The objective function as defined in this notebook sides with Gauss-Newton over the arima results.

In [49]:
x3arima = np.array([0.8340, -0.1145, 0.1152, 19.5094])
print(myObj3(xGN3))
print(myObj3(x3arima))
18.6703613509
18.6877692217
In [50]:
GNDF3 = pd.DataFrame(GN3Dict)
In [51]:
GNDF3['F'].plot()
Out[51]:
In [53]:
GNDF3['normGrad'].plot()
Out[53]:

Comparison to Scipy's minimization libraries.

Using scipy's BFGS minimization without including the Jacobian brings the returns a solution that is comparable to arima's solution, yet uneasily off.

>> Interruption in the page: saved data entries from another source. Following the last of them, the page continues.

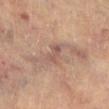Clinical impression: Captured during whole-body skin photography for melanoma surveillance; the lesion was not biopsied. Image and clinical context: Located on the left lower leg. The patient is a female aged around 80. A region of skin cropped from a whole-body photographic capture, roughly 15 mm wide.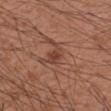Case summary:
* biopsy status — imaged on a skin check; not biopsied
* site — the right forearm
* image — total-body-photography crop, ~15 mm field of view
* patient — male, aged approximately 30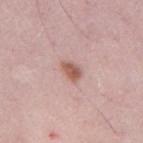Recorded during total-body skin imaging; not selected for excision or biopsy. Captured under white-light illumination. The lesion is located on the right upper arm. The total-body-photography lesion software estimated border irregularity of about 2.5 on a 0–10 scale, a within-lesion color-variation index near 3/10, and radial color variation of about 1. It also reported an automated nevus-likeness rating near 95 out of 100 and a lesion-detection confidence of about 100/100. Longest diameter approximately 2.5 mm. Cropped from a whole-body photographic skin survey; the tile spans about 15 mm. A male subject, about 50 years old.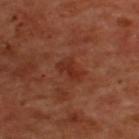The lesion-visualizer software estimated a border-irregularity rating of about 3.5/10, a color-variation rating of about 1/10, and peripheral color asymmetry of about 0.
About 3 mm across.
A 15 mm close-up extracted from a 3D total-body photography capture.
A male subject approximately 50 years of age.
On the upper back.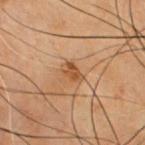Imaged during a routine full-body skin examination; the lesion was not biopsied and no histopathology is available.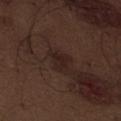No biopsy was performed on this lesion — it was imaged during a full skin examination and was not determined to be concerning. A male patient in their 70s. The lesion is on the abdomen. Automated image analysis of the tile measured an area of roughly 4 mm² and an eccentricity of roughly 0.75. The software also gave a lesion color around L≈21 a*≈16 b*≈17 in CIELAB and about 6 CIELAB-L* units darker than the surrounding skin. The analysis additionally found border irregularity of about 4 on a 0–10 scale. Cropped from a whole-body photographic skin survey; the tile spans about 15 mm. Captured under white-light illumination.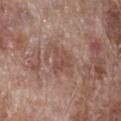No biopsy was performed on this lesion — it was imaged during a full skin examination and was not determined to be concerning.
A male subject, aged 68 to 72.
This is a white-light tile.
Located on the right lower leg.
A region of skin cropped from a whole-body photographic capture, roughly 15 mm wide.
The recorded lesion diameter is about 4.5 mm.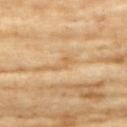Recorded during total-body skin imaging; not selected for excision or biopsy.
A close-up tile cropped from a whole-body skin photograph, about 15 mm across.
The tile uses cross-polarized illumination.
Automated tile analysis of the lesion measured an area of roughly 3 mm² and two-axis asymmetry of about 0.45. The software also gave an average lesion color of about L≈64 a*≈18 b*≈41 (CIELAB), roughly 7 lightness units darker than nearby skin, and a lesion-to-skin contrast of about 5 (normalized; higher = more distinct). The analysis additionally found a border-irregularity rating of about 5/10 and a within-lesion color-variation index near 0/10. It also reported a nevus-likeness score of about 0/100 and a detector confidence of about 95 out of 100 that the crop contains a lesion.
Approximately 3 mm at its widest.
The subject is a female approximately 75 years of age.
On the chest.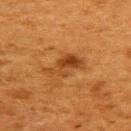• biopsy status — imaged on a skin check; not biopsied
• size — ≈5 mm
• imaging modality — ~15 mm tile from a whole-body skin photo
• site — the upper back
• patient — female, about 50 years old
• lighting — cross-polarized

$$ x^{arima}_{opt} = [0.8340 \pm 0.0497,\ -0.1145 \pm 0.0646 ,\ 0.1152 \pm 0.0499,\ 19.5094 \pm 0.0949] $$

Scipy's comparison functions side with Gauss-Newton

In [56]:
compare_scipy_minimization(x03, myObj3, myGrad3, myHess3, pGN3)
time_scipy_minimization(x03, myObj3, myGrad3, myHess3, pGN3)
Solutions:
My Gauss Newton: [  0.85991845  -0.15030482   0.12875629  19.49622801]
CG: [  0.85991855  -0.15030493   0.12875613  19.49618251]
BFGS: [  0.85991843  -0.15030475   0.12875606  19.49618247]
BFGS with Gradient: [  0.85991843  -0.15030481   0.1287563   19.49622799]
least squares fit: [  0.85982442  -0.15015244   0.12866277  19.4960783 ]

Timeit function outputs for convergence:
My Gauss Newton: 
100 loops, best of 3: 2.52 ms per loop
CG:
10 loops, best of 3: 81.9 ms per loop
BFGS:
10 loops, best of 3: 50.6 ms per loop
BFGS with Gradient:
10 loops, best of 3: 66.3 ms per loop
least squares fit: 
100 loops, best of 3: 13.9 ms per loop

Note the additional model complexity does not affect the time very much.

Conclusion

I find it remarkable that we don't have to depend on constrained optimization algorithms. The model is motivated naturally to settle down on a solution that is stable, provided the inital starting point is agreeable.

The method of moments, although makes a low quality estimator, drives the more refined estimators on track.

It is disconcerting that all of the models solved in python disagree with R's arima function best fit, but we must rember that arima uses a maximum liklihood method using a Kalman filter.

Its amazing how much the arima() function does. As we near the end of this notebook, we may recall the efforts it took to find a specific solution. Although our model is the fastest in this context, I have a much deeper appreciation for the libraries provided by scipy and R. I am in awe of the mechanics behind these functions, and their, robustness, and their ability for generalization.